One of the most distinctive characteristics of skilled reading is the sheer speed and apparent effortlessness of word recognition. Among reading researchers, there is a broad consensus that fast, near-effortless recognition of printed words (often termed automatic or fluent word reading) is crucial to successful reading development because it enables the reader to devote limited processing resources to comprehension (LaBerge & Samuels, 1974; Perfetti, 1985). For the skilled reader, the ease and speed of word recognition makes it possible for reading to become not only a means for educational and social-economic advancement but also a source of joy, as when curling up with a thrilling book. By contrast, the disabled reader’s word reading is characteristically slow, error prone, and labored—a major deterrent to literacy development. Acknowledging the importance of effort in word reading, the fifth edition of the Diagnostic and Statistical Manual of Mental Disorders (American Psychiatric Association, 2013) defines specific learning disorder in reading as “inaccurate or slow and effortful [emphasis added] word reading” (p. 66).

The measurement of word-reading accuracy and speed is relatively straightforward and has consequently become universal practice in the assessment of reading skill. On the other hand, researchers have yet to reach a consensus on the definition and operationalization of the concept of effort, underscoring the ambiguity of broader constructs such as fluency and automaticity (Logan, 1997; Megherbi, Elbro, Oakhill, Segui, & New, 2018; Moors & De Houwer, 2006; Reynolds & Besner, 2006; Share, 2008; Stanovich, 1990), of which effortlessness is a core property (Kuhn, Schwanenflugel, & Meisinger, 2010; Logan, 1997).
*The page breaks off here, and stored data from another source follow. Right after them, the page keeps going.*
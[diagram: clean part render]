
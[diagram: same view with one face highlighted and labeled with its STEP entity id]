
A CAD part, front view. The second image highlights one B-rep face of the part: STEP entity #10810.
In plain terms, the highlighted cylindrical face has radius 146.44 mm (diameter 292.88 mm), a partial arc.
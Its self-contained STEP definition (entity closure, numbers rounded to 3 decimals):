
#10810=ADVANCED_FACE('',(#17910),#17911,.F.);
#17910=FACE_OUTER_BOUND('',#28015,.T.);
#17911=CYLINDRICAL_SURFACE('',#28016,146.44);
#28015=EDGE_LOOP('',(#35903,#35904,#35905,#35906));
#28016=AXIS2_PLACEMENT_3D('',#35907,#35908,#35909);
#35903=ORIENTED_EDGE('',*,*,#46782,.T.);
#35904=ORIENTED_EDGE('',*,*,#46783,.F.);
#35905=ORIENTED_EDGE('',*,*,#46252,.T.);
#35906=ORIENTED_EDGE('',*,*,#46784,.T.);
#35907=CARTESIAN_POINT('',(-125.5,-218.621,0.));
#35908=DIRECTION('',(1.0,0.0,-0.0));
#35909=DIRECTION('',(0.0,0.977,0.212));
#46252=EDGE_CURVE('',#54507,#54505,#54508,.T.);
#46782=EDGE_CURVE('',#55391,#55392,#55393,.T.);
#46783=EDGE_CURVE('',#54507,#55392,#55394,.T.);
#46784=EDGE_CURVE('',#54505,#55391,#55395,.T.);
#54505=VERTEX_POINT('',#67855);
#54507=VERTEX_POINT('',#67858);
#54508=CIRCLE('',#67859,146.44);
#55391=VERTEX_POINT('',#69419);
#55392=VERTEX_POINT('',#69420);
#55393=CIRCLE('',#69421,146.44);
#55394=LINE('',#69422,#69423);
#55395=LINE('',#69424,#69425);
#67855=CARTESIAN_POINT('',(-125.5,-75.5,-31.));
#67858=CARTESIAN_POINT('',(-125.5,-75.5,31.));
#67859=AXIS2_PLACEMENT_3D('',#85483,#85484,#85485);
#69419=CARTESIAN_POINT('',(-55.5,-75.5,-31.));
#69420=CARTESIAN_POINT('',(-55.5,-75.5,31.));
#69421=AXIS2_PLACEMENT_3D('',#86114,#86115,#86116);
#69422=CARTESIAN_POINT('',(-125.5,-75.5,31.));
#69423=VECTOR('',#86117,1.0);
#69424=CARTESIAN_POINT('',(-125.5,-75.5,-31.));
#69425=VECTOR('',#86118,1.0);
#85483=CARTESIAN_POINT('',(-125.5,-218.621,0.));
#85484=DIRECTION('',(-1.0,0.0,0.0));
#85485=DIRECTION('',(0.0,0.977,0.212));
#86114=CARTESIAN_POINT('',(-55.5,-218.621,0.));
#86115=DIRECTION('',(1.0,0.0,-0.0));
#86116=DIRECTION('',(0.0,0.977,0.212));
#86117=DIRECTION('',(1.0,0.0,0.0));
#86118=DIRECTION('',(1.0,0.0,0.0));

Logan (1997) described effortlessness as the ability to perform a task with a sense of ease while performing other tasks concurrently. Although Logan’s definition has been adopted by many reading researchers (e.g., Kuhn et al., 2010), the operationalization of effortlessness has generated a variety of controversial techniques such as the dual-task paradigm (Pashler, 1994) and the Stroop task (Labuschagne & Besner, 2015; Megherbi et al., 2018). These techniques have proven useful in capturing the outcomes of learning. However, they do not provide online, moment-to-moment insight into the dynamics of word recognition that is at the heart of current item-based models of printed-word learning (Ehri, 2014; Logan, 1988; Perry, Zorzi, & Ziegler, 2019; Share, 1995), which emphasize the micro changes in the reading process that occur as individual words are encountered during reading.

This lacuna casts a shadow over all research concerned with the development of word-reading skill, efficiency, fluency, and automaticity. In the present investigation, we took a first step toward redressing this situation by exploring the use of pupil dilation to study the critical yet neglected issue of cognitive effort in word recognition.

Pupil Dilation as a Measure of Cognitive Effort

The connection between pupil dilation and cognitive activity was noted more than 100 years ago (e.g., Mentz, 1895, cited in Kahneman, Tursky, Shapiro, & Crider, 1969). However, the revival of pupillometry as a measure of cognitive effort occurred only in the 1960s and 1970s (Beatty, 1982; Kahneman, 1973; Kahneman et al., 1969). Since then, pupil dilation has proven to be a sensitive and reliable measure of cognitive effort in a variety of domains including language, memory, decision-making, emotion, and cognitive development (Sirois & Brisson, 2014; van der Wel & van Steenbergen, 2018). While a cognitive task is performed, mental effort arouses the sympathetic system and, correspondingly, pupil diameter increases (Eckstein, Guerra-Carrillo, Singley, & Bunge, 2017). Kahneman (1973) argued that pupillometry is “the best single index” (p. 18) of effort because it captures within-task, between-task, and between-individual variation (for a review, see Beatty, 1982). Surprisingly, pupillometry has been conspicuously absent in reading research. We were able to locate only a handful of pupillometric studies of reading over the past half century since cognitive scientists rediscovered pupillometry.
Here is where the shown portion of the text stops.